This is an illustration of encapsulation: the internal data is accessed only through fixed interfaces. If later class Particle is redesigned to use momentum instead of velocity for its internal representation, no code calling the member functions of this class need be changed. Only the appropriate member function definitions would require alteration. In this case, they would become
class Particle {
private:
...
double position[3], momentum[3];
public:
...
virtual double Velocity(int i) const {
return momentum[i]/mass;
}
virtual double Kinetic_Energy() const {
double ke = 0.0;
for (int i=0; i<3; i++) ke += momentum[i]*momentum[i];
return ke/mass;
}
...
};
Notice that class Particle also provides a member function Charge(), which in this case simply returns 0.0, since Particle has no data describing its charge state. This function, along with others in the class, has been declared as virtual, which means that a class inheriting from Particle may override, or redefine, the behavior of this function while maintaining the same interface (i.e., the same function name and parameter list). In this way, we provide a common, fixed interface for obtaining a particle's charge from objects of class Particle and any class that may be derived from it in the future.
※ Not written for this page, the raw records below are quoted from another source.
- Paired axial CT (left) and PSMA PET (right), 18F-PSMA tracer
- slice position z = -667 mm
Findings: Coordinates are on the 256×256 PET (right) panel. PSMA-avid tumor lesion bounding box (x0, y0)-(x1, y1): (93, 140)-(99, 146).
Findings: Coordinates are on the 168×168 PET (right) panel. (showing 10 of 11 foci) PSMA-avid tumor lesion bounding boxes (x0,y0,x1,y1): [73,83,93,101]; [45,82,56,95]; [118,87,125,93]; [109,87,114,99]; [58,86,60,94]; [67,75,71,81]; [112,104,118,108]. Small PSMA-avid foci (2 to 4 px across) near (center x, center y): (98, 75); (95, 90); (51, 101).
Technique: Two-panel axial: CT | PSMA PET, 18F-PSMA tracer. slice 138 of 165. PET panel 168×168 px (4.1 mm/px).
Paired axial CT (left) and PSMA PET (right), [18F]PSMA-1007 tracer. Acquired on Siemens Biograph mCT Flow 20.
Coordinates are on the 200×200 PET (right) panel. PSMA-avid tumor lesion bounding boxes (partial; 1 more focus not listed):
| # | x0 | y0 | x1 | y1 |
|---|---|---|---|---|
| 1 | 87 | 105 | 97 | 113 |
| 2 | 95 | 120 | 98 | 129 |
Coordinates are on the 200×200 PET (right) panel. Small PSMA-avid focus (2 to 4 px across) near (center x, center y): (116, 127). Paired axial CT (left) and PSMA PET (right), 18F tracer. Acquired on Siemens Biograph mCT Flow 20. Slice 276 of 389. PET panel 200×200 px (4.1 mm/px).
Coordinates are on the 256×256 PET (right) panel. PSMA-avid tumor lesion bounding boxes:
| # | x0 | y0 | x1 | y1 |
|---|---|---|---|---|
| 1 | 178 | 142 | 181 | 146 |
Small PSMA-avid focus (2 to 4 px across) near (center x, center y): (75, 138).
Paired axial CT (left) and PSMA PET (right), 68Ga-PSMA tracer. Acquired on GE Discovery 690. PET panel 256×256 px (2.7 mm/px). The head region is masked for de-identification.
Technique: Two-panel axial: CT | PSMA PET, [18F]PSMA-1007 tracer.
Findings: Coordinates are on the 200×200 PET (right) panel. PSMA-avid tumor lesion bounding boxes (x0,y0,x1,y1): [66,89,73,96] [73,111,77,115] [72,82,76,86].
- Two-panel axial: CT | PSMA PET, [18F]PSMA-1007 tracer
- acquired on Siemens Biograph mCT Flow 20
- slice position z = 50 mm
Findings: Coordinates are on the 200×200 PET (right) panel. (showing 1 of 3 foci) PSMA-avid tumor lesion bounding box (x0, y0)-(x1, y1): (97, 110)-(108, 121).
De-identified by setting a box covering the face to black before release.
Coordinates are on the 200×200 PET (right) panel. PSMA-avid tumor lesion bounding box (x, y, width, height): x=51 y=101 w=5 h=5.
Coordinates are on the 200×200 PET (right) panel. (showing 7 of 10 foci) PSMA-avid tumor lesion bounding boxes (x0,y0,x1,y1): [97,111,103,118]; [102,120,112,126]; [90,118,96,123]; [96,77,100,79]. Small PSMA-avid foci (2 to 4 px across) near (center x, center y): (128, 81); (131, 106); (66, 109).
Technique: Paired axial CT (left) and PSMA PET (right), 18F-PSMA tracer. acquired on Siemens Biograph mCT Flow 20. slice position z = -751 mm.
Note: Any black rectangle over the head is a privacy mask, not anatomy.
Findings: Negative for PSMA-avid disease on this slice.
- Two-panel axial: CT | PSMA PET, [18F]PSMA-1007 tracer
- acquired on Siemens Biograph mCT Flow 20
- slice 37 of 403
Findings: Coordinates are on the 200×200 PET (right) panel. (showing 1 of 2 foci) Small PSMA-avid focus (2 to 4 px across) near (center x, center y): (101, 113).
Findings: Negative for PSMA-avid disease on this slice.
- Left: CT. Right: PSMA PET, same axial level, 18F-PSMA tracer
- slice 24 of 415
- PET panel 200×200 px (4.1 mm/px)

To use class Particle, we declare instances of it as shown below:
Particle p1, p2;
This statement constructs two concrete objects, and the data values for each object are independent. Furthermore, p1 and p2 are only known locally in the routine in which they are declared. (The practice of avoiding the use of global variables, which are accessible anywhere in the program, is another rule that modern software designers adhere to in order to keep codes modular.) To obtain the kinetic energy, for example, we use the member function through the following dot syntax:
double p1_ke = p1.Kinetic_Energy();
Now let us discuss the implementation of abstract and concrete objects in Fortran 90. F90 has two language elements that have object features: TYPE and MODULE. TYPE allows one to group data together but does not associate methods with the data. The code fragment
TYPE Particle
REAL mass
REAL, DIMENSION(0:2) :: position, velocity
END TYPE Particle
defines a data type corresponding to the member data of the C++ class Particle introduced earlier. One can declare an instance of a TYPE and access its data components as follows:
TYPE(Particle) :: p
REAL :: pmass = p%mass
By itself, a TYPE does not provide encapsulation, since any section of code that defines a TYPE and declares an instance of it may directly access its data components. Encapsulation is achieved by placing the TYPE definition inside of a MODULE. The MODULE construct is a code block containing data or TYPEs, as well as FUNCTIONs and SUBROUTINEs for manipulating this data. A MODULE may declare its contents to be PRIVATE, disallowing direct access to those contents by program units outside the MODULE. If data elements are declared PRIVATE, the MODULE may provide FUNCTIONs that are PUBLIC for accessing the data.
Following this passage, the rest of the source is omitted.